Task details: Among the lines below, copy exactly those from the one with "#3575=VECTOR('',#6192,1000.);" through the one with "#7218=CARTESIAN_POINT('',(-25.,0.64,17.5));", counting both ends.

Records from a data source
★ ★ ★ ★

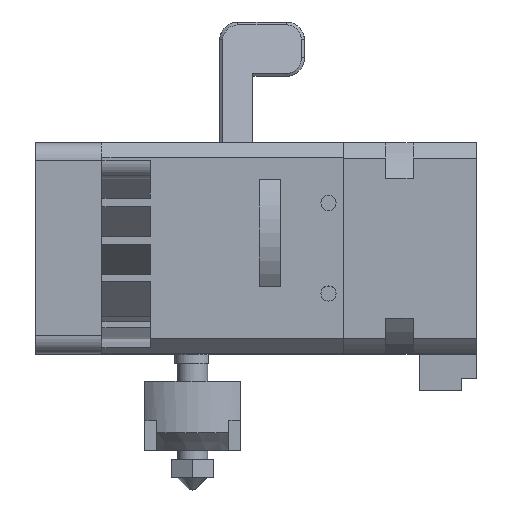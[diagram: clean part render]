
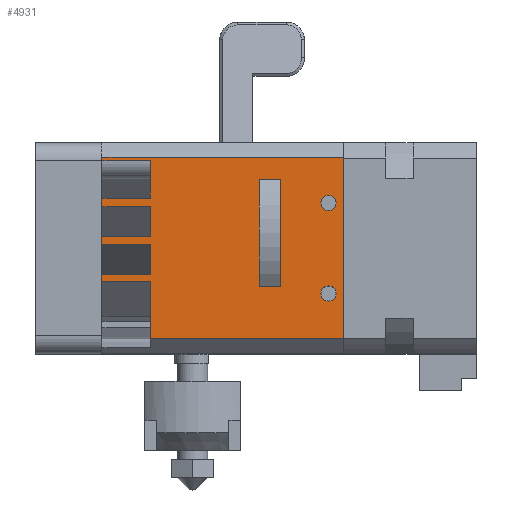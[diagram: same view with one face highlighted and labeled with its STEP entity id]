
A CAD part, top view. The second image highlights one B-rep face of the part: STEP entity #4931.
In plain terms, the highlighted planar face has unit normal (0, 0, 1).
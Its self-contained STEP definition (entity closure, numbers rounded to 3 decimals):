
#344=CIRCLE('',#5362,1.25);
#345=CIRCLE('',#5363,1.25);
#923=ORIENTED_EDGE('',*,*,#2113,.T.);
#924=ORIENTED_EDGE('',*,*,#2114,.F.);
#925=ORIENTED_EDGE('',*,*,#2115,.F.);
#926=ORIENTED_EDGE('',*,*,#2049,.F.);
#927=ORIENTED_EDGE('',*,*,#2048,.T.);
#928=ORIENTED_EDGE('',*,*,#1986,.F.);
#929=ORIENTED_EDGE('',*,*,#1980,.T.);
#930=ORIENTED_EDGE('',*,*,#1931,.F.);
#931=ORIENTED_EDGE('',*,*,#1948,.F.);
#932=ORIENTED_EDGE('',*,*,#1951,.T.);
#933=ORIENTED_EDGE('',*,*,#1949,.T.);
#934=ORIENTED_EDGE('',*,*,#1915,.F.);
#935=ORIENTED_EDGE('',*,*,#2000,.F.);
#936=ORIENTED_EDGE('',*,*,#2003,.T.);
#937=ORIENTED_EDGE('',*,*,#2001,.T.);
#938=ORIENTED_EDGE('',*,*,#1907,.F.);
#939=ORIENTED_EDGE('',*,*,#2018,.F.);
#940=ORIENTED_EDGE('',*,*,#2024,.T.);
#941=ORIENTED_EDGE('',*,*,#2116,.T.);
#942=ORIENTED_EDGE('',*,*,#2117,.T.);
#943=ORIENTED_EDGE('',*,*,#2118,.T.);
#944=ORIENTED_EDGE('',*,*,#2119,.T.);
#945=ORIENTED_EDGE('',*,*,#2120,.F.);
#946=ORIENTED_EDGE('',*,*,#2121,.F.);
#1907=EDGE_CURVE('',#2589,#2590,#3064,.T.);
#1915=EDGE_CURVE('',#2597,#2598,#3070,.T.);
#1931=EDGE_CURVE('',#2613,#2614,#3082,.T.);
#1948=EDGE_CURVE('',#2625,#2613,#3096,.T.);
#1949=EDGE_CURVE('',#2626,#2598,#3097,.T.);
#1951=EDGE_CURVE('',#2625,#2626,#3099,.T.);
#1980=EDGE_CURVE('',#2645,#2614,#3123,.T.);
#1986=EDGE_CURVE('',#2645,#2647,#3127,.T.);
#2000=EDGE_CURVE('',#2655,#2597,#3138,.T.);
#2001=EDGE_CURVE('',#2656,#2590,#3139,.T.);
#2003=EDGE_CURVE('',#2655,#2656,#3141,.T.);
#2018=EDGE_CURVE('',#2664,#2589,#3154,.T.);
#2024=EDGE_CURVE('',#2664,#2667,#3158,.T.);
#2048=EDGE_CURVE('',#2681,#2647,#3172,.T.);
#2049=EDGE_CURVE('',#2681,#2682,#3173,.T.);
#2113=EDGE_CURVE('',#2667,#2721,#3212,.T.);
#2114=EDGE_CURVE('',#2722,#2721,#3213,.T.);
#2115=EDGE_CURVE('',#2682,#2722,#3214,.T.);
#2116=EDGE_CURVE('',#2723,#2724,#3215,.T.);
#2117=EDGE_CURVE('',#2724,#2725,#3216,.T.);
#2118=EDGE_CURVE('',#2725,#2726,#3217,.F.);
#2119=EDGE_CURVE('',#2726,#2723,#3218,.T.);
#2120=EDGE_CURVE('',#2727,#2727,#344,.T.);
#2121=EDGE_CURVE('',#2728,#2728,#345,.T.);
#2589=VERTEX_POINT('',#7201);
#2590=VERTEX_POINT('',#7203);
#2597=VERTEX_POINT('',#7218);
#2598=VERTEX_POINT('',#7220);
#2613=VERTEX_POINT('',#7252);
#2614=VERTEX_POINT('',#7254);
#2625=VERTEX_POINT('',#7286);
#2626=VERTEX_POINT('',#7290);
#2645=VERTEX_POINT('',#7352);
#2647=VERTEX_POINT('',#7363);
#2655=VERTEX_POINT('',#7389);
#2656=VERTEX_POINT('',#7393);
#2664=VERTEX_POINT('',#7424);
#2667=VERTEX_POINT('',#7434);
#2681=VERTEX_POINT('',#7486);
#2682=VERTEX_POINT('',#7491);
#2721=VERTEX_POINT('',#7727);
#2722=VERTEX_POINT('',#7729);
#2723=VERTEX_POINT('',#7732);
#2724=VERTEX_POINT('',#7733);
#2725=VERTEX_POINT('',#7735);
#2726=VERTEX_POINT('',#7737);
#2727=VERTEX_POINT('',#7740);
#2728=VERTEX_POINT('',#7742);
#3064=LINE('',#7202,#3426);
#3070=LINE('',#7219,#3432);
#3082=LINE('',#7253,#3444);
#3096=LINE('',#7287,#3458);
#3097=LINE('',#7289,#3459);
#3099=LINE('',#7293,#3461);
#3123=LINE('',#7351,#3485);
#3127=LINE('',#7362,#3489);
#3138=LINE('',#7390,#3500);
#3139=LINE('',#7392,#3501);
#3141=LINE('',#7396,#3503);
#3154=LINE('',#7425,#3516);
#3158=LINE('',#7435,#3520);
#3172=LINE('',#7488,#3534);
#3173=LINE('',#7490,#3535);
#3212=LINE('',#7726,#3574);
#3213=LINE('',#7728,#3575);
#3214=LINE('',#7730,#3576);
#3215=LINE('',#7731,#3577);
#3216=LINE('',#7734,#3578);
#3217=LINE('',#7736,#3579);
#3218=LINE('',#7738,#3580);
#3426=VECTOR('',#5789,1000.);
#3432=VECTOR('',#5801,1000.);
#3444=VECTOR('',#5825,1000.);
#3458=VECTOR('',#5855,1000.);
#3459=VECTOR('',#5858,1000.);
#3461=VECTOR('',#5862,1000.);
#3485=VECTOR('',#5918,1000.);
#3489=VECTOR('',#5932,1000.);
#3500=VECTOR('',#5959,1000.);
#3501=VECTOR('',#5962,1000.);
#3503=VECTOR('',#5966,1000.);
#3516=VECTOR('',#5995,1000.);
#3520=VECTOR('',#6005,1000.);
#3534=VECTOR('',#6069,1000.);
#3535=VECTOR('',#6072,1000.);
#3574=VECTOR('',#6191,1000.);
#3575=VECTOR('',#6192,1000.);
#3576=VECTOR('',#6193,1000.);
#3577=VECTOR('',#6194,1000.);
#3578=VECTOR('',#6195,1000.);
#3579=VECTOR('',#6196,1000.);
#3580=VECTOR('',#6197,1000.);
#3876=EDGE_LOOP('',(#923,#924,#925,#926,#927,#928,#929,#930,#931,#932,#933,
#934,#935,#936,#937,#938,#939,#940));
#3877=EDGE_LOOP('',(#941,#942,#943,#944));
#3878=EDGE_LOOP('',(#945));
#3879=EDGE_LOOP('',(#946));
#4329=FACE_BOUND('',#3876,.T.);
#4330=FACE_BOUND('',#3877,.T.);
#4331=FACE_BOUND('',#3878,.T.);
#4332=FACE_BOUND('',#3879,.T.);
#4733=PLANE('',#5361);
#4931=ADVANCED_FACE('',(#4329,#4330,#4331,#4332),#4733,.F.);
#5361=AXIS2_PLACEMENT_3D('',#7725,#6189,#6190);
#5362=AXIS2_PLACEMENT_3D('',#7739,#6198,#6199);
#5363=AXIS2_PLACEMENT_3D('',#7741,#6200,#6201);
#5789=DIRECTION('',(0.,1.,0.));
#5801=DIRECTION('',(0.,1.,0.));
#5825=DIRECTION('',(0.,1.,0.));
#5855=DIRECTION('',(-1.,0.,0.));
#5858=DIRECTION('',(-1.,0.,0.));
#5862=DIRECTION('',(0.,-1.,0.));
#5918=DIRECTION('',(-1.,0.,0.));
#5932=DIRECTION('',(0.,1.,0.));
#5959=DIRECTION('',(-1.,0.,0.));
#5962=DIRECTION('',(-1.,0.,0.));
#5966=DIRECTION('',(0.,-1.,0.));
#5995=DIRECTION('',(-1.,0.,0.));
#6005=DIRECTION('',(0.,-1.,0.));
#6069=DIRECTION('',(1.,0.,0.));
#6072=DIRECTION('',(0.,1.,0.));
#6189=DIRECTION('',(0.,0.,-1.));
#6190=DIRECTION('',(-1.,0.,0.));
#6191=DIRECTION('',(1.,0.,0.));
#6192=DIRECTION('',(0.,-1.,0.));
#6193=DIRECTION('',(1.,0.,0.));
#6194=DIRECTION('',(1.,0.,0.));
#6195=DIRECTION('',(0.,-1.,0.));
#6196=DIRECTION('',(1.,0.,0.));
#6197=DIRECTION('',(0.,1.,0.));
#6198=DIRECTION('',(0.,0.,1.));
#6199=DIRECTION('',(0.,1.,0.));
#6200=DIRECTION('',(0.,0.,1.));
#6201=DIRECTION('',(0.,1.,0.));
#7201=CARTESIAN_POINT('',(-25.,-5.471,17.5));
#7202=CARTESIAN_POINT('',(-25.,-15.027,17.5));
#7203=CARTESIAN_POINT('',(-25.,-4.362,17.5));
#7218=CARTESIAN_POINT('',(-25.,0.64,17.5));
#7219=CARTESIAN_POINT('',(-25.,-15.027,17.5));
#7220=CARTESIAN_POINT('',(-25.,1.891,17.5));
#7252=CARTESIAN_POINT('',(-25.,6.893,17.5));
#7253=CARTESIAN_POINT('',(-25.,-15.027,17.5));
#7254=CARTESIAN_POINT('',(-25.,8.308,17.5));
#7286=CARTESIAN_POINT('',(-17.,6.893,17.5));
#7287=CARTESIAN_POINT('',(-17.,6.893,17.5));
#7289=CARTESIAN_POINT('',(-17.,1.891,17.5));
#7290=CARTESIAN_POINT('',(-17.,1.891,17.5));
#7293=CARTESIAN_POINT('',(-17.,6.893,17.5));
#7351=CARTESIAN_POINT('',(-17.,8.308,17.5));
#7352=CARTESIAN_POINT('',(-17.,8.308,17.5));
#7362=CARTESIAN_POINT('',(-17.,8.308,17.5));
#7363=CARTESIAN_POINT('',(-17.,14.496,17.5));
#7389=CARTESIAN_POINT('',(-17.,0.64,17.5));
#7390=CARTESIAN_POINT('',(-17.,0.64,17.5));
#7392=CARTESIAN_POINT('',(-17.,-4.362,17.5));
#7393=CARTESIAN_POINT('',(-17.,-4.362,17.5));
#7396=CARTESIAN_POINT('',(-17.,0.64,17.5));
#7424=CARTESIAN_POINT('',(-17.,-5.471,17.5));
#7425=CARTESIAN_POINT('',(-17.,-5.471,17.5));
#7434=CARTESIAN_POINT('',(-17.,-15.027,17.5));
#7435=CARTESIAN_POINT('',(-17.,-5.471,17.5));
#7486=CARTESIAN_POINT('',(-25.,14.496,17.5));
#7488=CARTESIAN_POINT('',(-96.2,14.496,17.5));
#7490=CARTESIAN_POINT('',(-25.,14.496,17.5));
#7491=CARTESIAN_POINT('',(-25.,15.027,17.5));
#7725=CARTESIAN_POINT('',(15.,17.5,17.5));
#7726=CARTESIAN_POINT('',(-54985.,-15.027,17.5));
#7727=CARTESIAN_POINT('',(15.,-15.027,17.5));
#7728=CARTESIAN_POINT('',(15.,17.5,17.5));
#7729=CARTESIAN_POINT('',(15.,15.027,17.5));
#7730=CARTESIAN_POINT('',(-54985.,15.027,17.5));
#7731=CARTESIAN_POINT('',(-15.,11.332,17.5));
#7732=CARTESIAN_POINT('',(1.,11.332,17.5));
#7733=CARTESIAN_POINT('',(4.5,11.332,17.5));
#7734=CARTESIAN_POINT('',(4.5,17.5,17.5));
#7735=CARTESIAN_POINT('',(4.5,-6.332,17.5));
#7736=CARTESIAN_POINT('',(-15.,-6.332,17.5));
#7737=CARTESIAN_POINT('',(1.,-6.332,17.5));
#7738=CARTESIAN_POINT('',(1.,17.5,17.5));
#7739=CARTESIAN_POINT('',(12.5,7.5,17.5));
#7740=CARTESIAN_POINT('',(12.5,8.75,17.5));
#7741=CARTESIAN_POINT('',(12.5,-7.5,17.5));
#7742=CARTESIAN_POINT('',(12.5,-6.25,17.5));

★ ★ ★ ★

Answer section:
#3575=VECTOR('',#6192,1000.);
#3576=VECTOR('',#6193,1000.);
#3577=VECTOR('',#6194,1000.);
#3578=VECTOR('',#6195,1000.);
#3579=VECTOR('',#6196,1000.);
#3580=VECTOR('',#6197,1000.);
#3876=EDGE_LOOP('',(#923,#924,#925,#926,#927,#928,#929,#930,#931,#932,#933,
#934,#935,#936,#937,#938,#939,#940));
#3877=EDGE_LOOP('',(#941,#942,#943,#944));
#3878=EDGE_LOOP('',(#945));
#3879=EDGE_LOOP('',(#946));
#4329=FACE_BOUND('',#3876,.T.);
#4330=FACE_BOUND('',#3877,.T.);
#4331=FACE_BOUND('',#3878,.T.);
#4332=FACE_BOUND('',#3879,.T.);
#4733=PLANE('',#5361);
#4931=ADVANCED_FACE('',(#4329,#4330,#4331,#4332),#4733,.F.);
#5361=AXIS2_PLACEMENT_3D('',#7725,#6189,#6190);
#5362=AXIS2_PLACEMENT_3D('',#7739,#6198,#6199);
#5363=AXIS2_PLACEMENT_3D('',#7741,#6200,#6201);
#5789=DIRECTION('',(0.,1.,0.));
#5801=DIRECTION('',(0.,1.,0.));
#5825=DIRECTION('',(0.,1.,0.));
#5855=DIRECTION('',(-1.,0.,0.));
#5858=DIRECTION('',(-1.,0.,0.));
#5862=DIRECTION('',(0.,-1.,0.));
#5918=DIRECTION('',(-1.,0.,0.));
#5932=DIRECTION('',(0.,1.,0.));
#5959=DIRECTION('',(-1.,0.,0.));
#5962=DIRECTION('',(-1.,0.,0.));
#5966=DIRECTION('',(0.,-1.,0.));
#5995=DIRECTION('',(-1.,0.,0.));
#6005=DIRECTION('',(0.,-1.,0.));
#6069=DIRECTION('',(1.,0.,0.));
#6072=DIRECTION('',(0.,1.,0.));
#6189=DIRECTION('',(0.,0.,-1.));
#6190=DIRECTION('',(-1.,0.,0.));
#6191=DIRECTION('',(1.,0.,0.));
#6192=DIRECTION('',(0.,-1.,0.));
#6193=DIRECTION('',(1.,0.,0.));
#6194=DIRECTION('',(1.,0.,0.));
#6195=DIRECTION('',(0.,-1.,0.));
#6196=DIRECTION('',(1.,0.,0.));
#6197=DIRECTION('',(0.,1.,0.));
#6198=DIRECTION('',(0.,0.,1.));
#6199=DIRECTION('',(0.,1.,0.));
#6200=DIRECTION('',(0.,0.,1.));
#6201=DIRECTION('',(0.,1.,0.));
#7201=CARTESIAN_POINT('',(-25.,-5.471,17.5));
#7202=CARTESIAN_POINT('',(-25.,-15.027,17.5));
#7203=CARTESIAN_POINT('',(-25.,-4.362,17.5));
#7218=CARTESIAN_POINT('',(-25.,0.64,17.5));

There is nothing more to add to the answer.